Treating any random act of indiscretion as seditious has no place in a democracy
The propensity of elected governments to trample individual freedoms has been normalised to an absurd extent. In the current climate of high-pitched nationalism, glaring violations of basic rights are being dismissed as routine. Yet another case in point is the arrest and prolonged detention of Imphal-based journalist Kishorechandra Wangkhem under the draconian sedition law and National Security Act (NSA) for criticising the Manipur Chief Minister N Biren Singh as a “puppet” of Hindutva and using allegedly “obscene” language against the CM and the Prime Minister. The journalist was booked under Section 124A of the IPC, pertaining to sedition, and subsequently under the NSA. He was sacked from the local television channel that he worked for and spent months in prison where he fell seriously ill. The Manipur High Court has ordered his release. Such excesses have become commonplace. To take only a recent instance, former JNU student union president Kanhaiya Kumar, the candidate for the Communist Party of India (CPI) in Bihar’s Begusarai, is facing charges of sedition for being part of the students’ assembly that chanted allegedly seditious slogans.
The law on sedition has an egregious history. It goes back to the amendment in the Indian Penal Code during the British era to broaden the ambit of Section 124A taking into account the iconic trial of Bal Gangadhar Tilak. Defending the amendment, member-in-charge of the Bill (Mr Chalmers) said: “Language may be tolerated in England which it is unsafe to tolerate in India because in India it is apt to be transformed into action instead of passing off as harmless gas.” Since then sedition has been outlawed in the UK, but is commonly used here. It is being staunchly defended by the ruling BJP which has termed the Congress’s manifesto promise of repealing Section 124A as an effort to endanger national security. What passed off as “gas” in the more developed part of the world over a century back continues to be seditious and dangerous in today’s India.

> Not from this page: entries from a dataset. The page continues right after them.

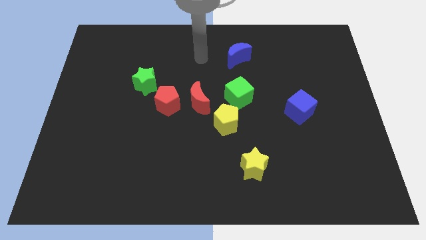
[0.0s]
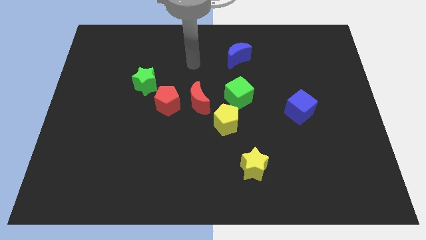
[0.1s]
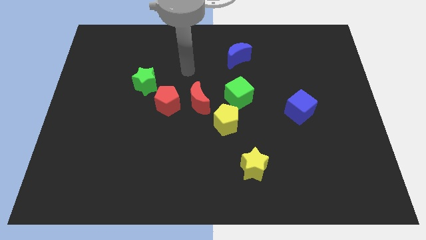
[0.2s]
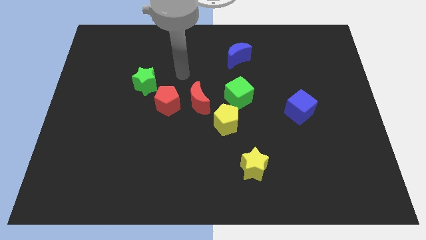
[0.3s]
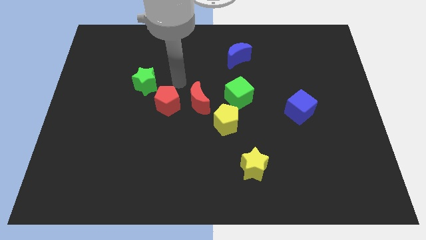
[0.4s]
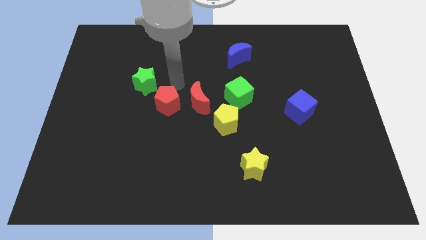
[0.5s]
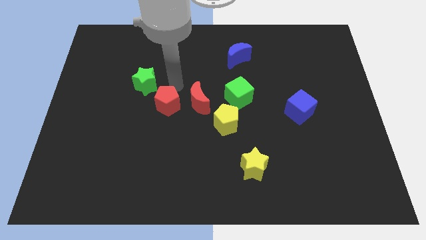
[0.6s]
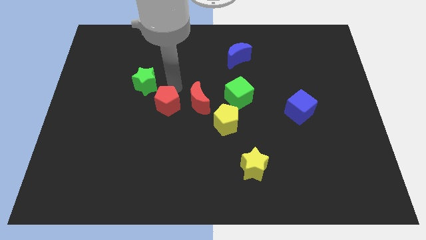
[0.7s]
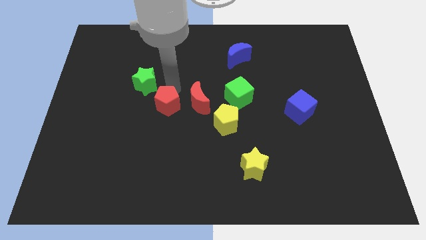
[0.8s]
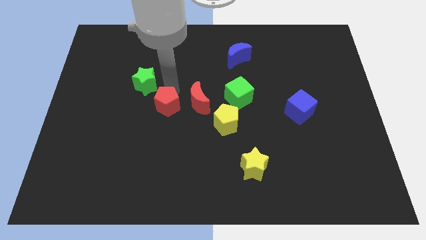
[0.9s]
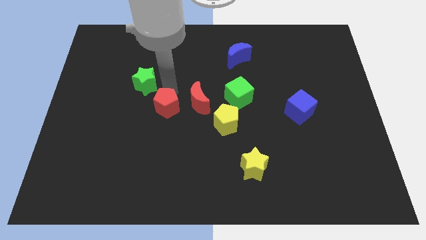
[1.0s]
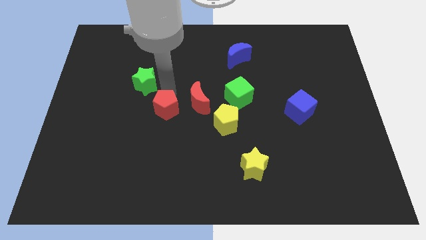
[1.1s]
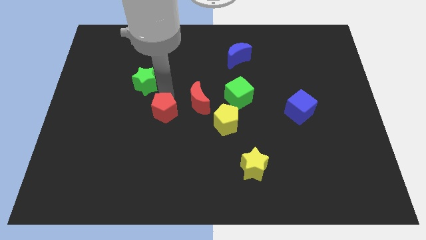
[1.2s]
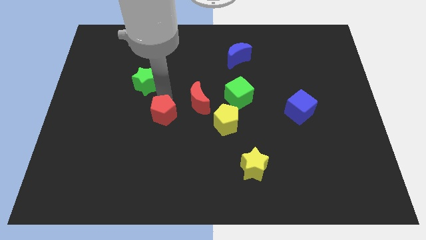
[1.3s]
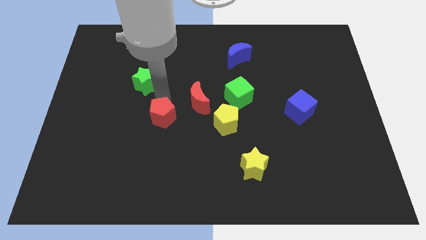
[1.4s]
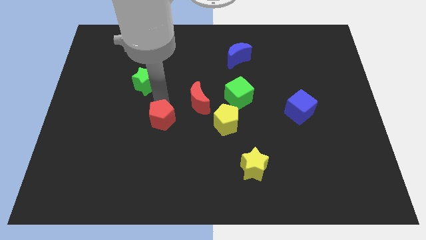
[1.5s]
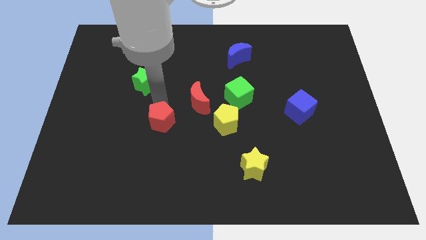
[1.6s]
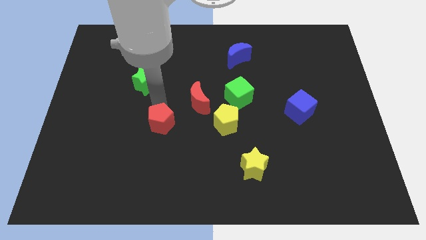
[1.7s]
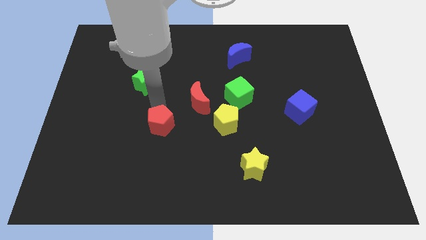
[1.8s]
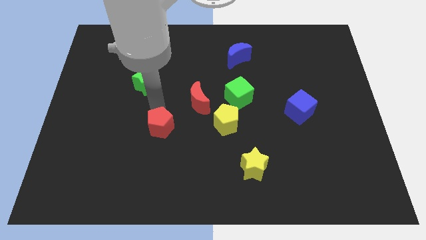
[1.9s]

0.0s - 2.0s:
move the red pentagon away from the red moon and green star

In the Constitution and in the Constituent Assembly debates, a majority of the members had resisted the inclusion of the term “sedition” in the exceptions in Article 19(2) to the freedom of speech and expression, guaranteed under Article 19(1)(a). While the Supreme Court has, in Kedar Nath Singh case of 1962, upheld the Constitutional validity of 124A, it has severely restricted its application. However, since this law is open to misuse, it should have no place in the rulebook. Apart from sedition, defamation should be treated as a civil rather than criminal offence. The State should be made to compensate for wrong convictions. In the Malleshwaram bomb blast case of April 2013, Bengaluru police released three accused after failing to prove charges. The Karnataka State Human Rights Commission had sought compensation from the State for wrongful incarceration, setting a precedent for State accountability.